Another limitation of the present study was the lack of a controlled laboratory environment which prevented participant supervision and control over distracting input. Due to the COVID-19 pandemic, participants completed experiment conditions in their homes. Consequently, participants may have more readily disengaged from the meditation due to distraction, pervasive mind-wandering or boredom. As mind-wandering has been found to adversely affect cognitive performance (Zeidan et al., 2010), it is possible that participant disengagement, or lack of adherence to study protocol, may have influenced the results. The sample included participants who self-reported poor sleep quality, substance dependence, cognitive impairments or psychiatric conditions. Participants reporting these histories were not excluded to allow for an inclusive sample withing the age range. Nevertheless, there is potential that these participants might have differed with respect to how they completed the mindfulness techniques, as well as the DRM and retrieval tests.

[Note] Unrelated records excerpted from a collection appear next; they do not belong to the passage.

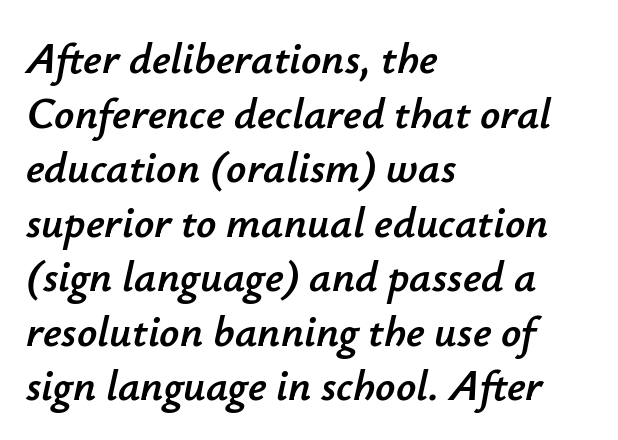
Q: Is the text italic (slanted)? A: Yes, it leans right by about 12 degrees.
Q: Is the text underlined? A: No.
Q: How is the paragraph aligned? A: Left-aligned.
Q: Is the spacing between letters normal or unusually wide? A: Normal.
Q: Width (condensed, normal, or wide)? A: Normal.
Q: Stroke contrast? A: Low.
Q: x-height? A: Small.
Q: Monospaced? A: No.

Another limitation is that our analysis of recall percentage did not account for the potential influence of recall duration. The present recall tests did not control the amount of time available to recall items. Therefore, it is possible that whilst recall percentages did not differ between mindfulness meditation styles, the amount of time used to recall each item might have differed. Finally, the provocation of semantic-associative false memories using the DRM paradigm may not generalise to real-world false memories (Pardilla-Delgado & Payne, 2017; Zhu et al., 2013). Therefore, future research should investigate the influence of FAM and OMM states on different memory tasks that may better reflect real-world scenarios. To 2017, Ayache et al., (2022) alone have undertaken the most ecologically salient evaluation of mindfulness meditation influences on false memory using a virtual environment-based DRM task. The misinformation paradigm, whereby participants are exposed to an event, given misleading post-event information and are subsequently asked to recall the details, may be more generalisable to real-world forms of false memory (Nichols & Loftus, 2019). Thus, may help to elucidate the effects of FAM and OMM on everyday memory generalisation. Additionally, individual differences in attention have been linked to differences in the production of misinformation (Rivardo et al., 2011). Therefore, alternative false memory measures may engage separate attentional processes and thus may help to detect any potential differences between FAM and OMM states on true and false memory recall. Future work should continue to address whether individual differences in mindfulness disposition, which has been shown to moderate meditation influences on false memory (Ayache et al., 2022; Yeh & Lu, 2017) influences how FAM and OMM states influence false memory formation.